You unfortunately, don’t wear track suits anymore. Do you have a new Thing?
"I haven’t found anything else like that yet. The tracksuits were really born out of necessity of like, I am now bored, and stressed. We traveled for like 14 months doing press for Call Me By Your Name. It was literally 14 months."
That’s...not normal.
I enjoyed it, as a fan…
But thinking about it, it’s actually crazy.
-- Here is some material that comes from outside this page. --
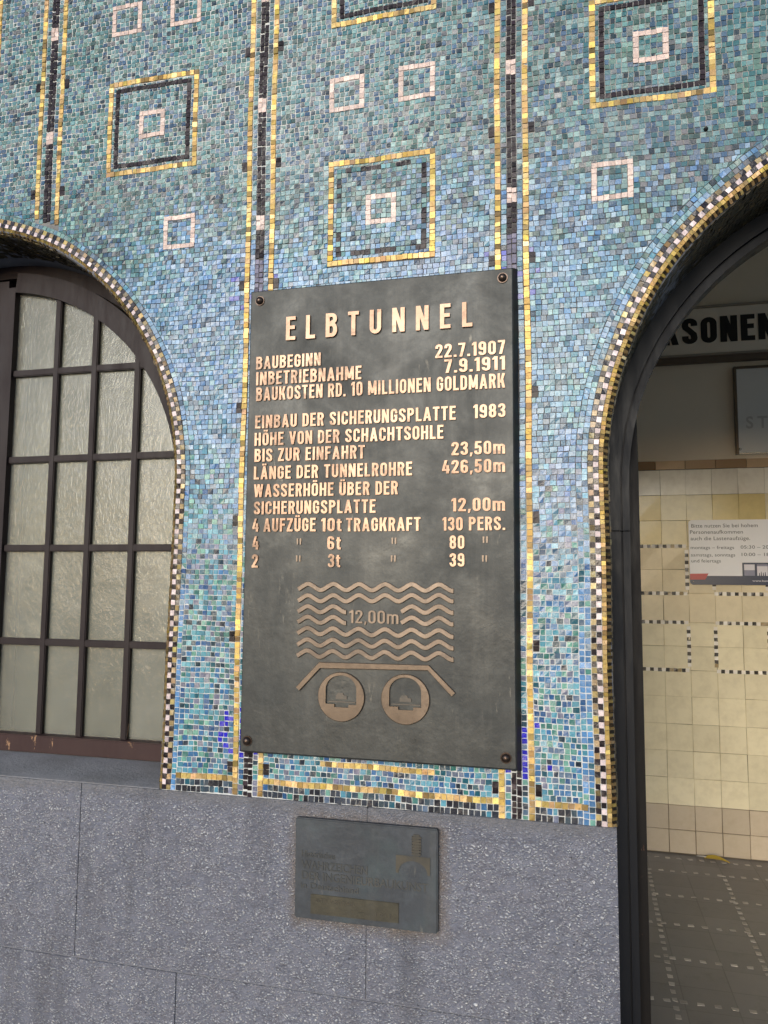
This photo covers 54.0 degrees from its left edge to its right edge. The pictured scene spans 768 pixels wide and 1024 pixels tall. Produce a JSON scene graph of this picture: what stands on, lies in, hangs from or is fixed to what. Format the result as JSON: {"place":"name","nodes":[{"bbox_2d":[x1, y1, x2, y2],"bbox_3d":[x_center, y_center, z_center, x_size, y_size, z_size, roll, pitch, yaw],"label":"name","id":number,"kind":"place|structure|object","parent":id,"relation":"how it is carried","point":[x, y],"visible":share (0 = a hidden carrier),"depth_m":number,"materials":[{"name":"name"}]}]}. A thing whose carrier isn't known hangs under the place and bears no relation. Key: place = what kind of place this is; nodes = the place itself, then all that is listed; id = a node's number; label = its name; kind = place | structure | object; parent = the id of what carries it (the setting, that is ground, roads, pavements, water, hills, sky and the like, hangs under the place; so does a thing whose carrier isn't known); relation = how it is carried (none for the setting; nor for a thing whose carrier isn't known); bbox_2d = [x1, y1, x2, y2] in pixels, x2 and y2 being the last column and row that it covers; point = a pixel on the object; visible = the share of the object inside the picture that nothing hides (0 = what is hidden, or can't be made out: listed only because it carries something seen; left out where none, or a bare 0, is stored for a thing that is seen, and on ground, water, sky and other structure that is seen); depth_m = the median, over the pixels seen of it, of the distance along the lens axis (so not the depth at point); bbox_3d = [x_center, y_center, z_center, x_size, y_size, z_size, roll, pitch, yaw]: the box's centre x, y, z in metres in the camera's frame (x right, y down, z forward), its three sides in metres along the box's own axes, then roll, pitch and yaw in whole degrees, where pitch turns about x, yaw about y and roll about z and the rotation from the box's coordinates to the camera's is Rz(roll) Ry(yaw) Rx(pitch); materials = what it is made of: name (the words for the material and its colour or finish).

"We just didn’t stop. Doing travel for press, you’re going to totally new places every single time, and have this same experience over and over. You end up in a nice hotel. You end up doing press. You get arguably the same questions [Ed note: he was not referring to me], maybe phrased differently, but the same questions, over and over. You have great food, but then you’re also with the same exact people so it’s almost like totally different, but totally the same. It was really psychologically taxing. Then you have all of the clothes you need to take and all the stuff they’re shipping, and you’re doing wardrobe fittings. Eventually one day I was like, "I am so over this. If I’m going to still be doing this, and you want my attention, I am just going to be comfortable." And that’s where the tracksuits came from."
That makes sense. Speaking of Call Me By Your Name , how often do you and Timothee Chalamet talk? Are you on a text chain with director Luca Guadagnino?
"Yeah, I talked to Luca either yesterday or the day before. And Timmy and I, we FaceTime pretty regularly. He’s in London filming right now, but we talk a bunch. We all became really close so we talk as much as friends do."
Sorry to Bother You opens in select theaters July 6.
This interview has been edited and condensed for clarity.